__Assignment__: Copy the records below in full, keeping each word as it is but omitting the pictures.

__Data under study__:
——————————
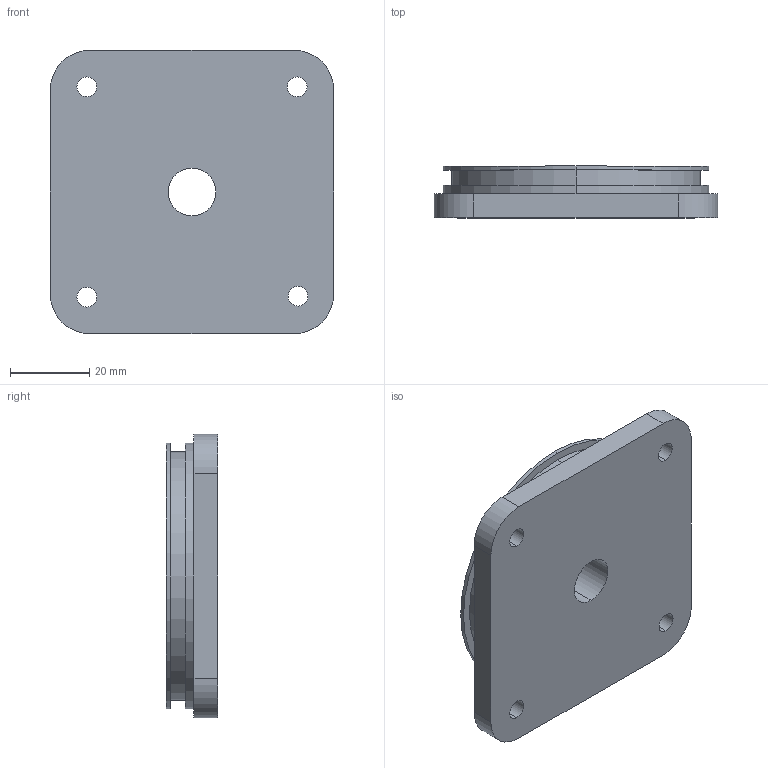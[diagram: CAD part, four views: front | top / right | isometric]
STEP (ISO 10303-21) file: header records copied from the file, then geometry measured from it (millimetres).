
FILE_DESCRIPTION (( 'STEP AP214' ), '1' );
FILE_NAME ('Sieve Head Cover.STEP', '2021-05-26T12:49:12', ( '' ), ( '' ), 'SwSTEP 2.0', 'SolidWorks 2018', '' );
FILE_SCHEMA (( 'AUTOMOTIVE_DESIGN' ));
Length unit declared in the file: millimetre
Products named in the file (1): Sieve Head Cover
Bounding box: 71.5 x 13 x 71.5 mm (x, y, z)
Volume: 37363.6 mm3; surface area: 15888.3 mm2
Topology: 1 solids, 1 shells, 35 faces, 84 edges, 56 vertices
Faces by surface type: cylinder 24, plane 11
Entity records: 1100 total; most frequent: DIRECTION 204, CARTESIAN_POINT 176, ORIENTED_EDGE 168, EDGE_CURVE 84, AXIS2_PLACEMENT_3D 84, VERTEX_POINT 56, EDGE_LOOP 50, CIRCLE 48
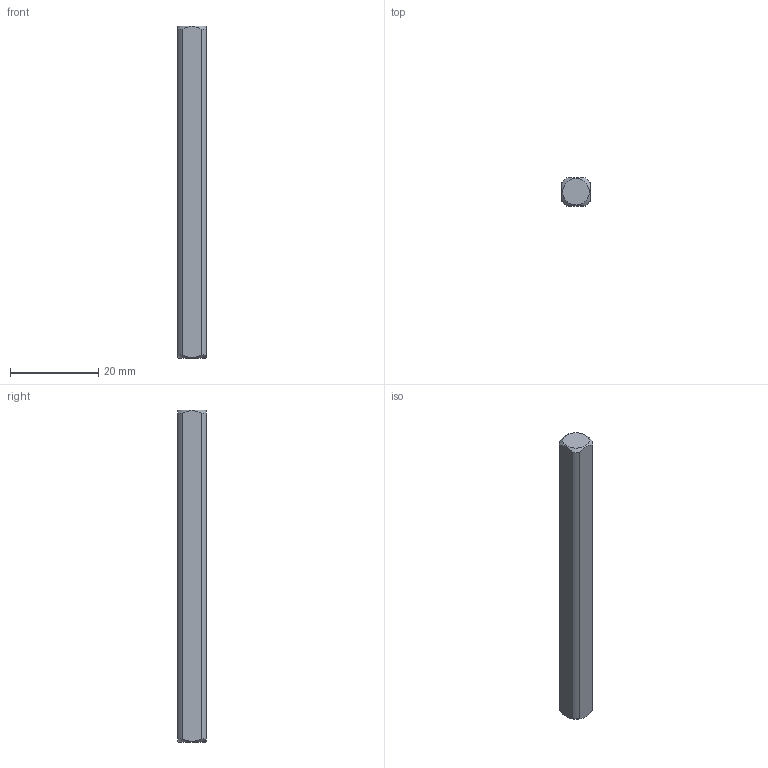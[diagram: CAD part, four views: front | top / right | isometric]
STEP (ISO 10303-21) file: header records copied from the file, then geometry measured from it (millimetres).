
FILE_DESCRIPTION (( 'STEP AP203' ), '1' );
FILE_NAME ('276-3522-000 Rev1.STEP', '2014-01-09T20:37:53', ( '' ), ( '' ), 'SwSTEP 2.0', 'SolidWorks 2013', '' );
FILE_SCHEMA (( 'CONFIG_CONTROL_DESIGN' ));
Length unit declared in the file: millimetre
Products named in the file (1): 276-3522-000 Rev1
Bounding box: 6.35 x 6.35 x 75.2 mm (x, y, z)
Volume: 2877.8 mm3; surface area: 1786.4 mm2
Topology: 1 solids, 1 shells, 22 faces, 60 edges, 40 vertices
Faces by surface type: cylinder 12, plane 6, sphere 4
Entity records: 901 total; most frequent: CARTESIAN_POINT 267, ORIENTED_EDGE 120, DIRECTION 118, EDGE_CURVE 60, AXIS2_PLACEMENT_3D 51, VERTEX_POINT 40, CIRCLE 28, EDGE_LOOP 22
——————————
__Result of the task__:
[diagram: CAD part, four views: front | top / right | isometric]
STEP (ISO 10303-21) file: header records copied from the file, then geometry measured from it (millimetres).
FILE_DESCRIPTION (( 'STEP AP214' ), '1' );
FILE_NAME ('Sieve Head Cover.STEP', '2021-05-26T12:49:12', ( '' ), ( '' ), 'SwSTEP 2.0', 'SolidWorks 2018', '' );
FILE_SCHEMA (( 'AUTOMOTIVE_DESIGN' ));
Length unit declared in the file: millimetre
Products named in the file (1): Sieve Head Cover
Bounding box: 71.5 x 13 x 71.5 mm (x, y, z)
Volume: 37363.6 mm3; surface area: 15888.3 mm2
Topology: 1 solids, 1 shells, 35 faces, 84 edges, 56 vertices
Faces by surface type: cylinder 24, plane 11
Entity records: 1100 total; most frequent: DIRECTION 204, CARTESIAN_POINT 176, ORIENTED_EDGE 168, EDGE_CURVE 84, AXIS2_PLACEMENT_3D 84, VERTEX_POINT 56, EDGE_LOOP 50, CIRCLE 48
[diagram: CAD part, four views: front | top / right | isometric]
STEP (ISO 10303-21) file: header records copied from the file, then geometry measured from it (millimetres).
FILE_DESCRIPTION (( 'STEP AP203' ), '1' );
FILE_NAME ('276-3522-000 Rev1.STEP', '2014-01-09T20:37:53', ( '' ), ( '' ), 'SwSTEP 2.0', 'SolidWorks 2013', '' );
FILE_SCHEMA (( 'CONFIG_CONTROL_DESIGN' ));
Length unit declared in the file: millimetre
Products named in the file (1): 276-3522-000 Rev1
Bounding box: 6.35 x 6.35 x 75.2 mm (x, y, z)
Volume: 2877.8 mm3; surface area: 1786.4 mm2
Topology: 1 solids, 1 shells, 22 faces, 60 edges, 40 vertices
Faces by surface type: cylinder 12, plane 6, sphere 4
Entity records: 901 total; most frequent: CARTESIAN_POINT 267, ORIENTED_EDGE 120, DIRECTION 118, EDGE_CURVE 60, AXIS2_PLACEMENT_3D 51, VERTEX_POINT 40, CIRCLE 28, EDGE_LOOP 22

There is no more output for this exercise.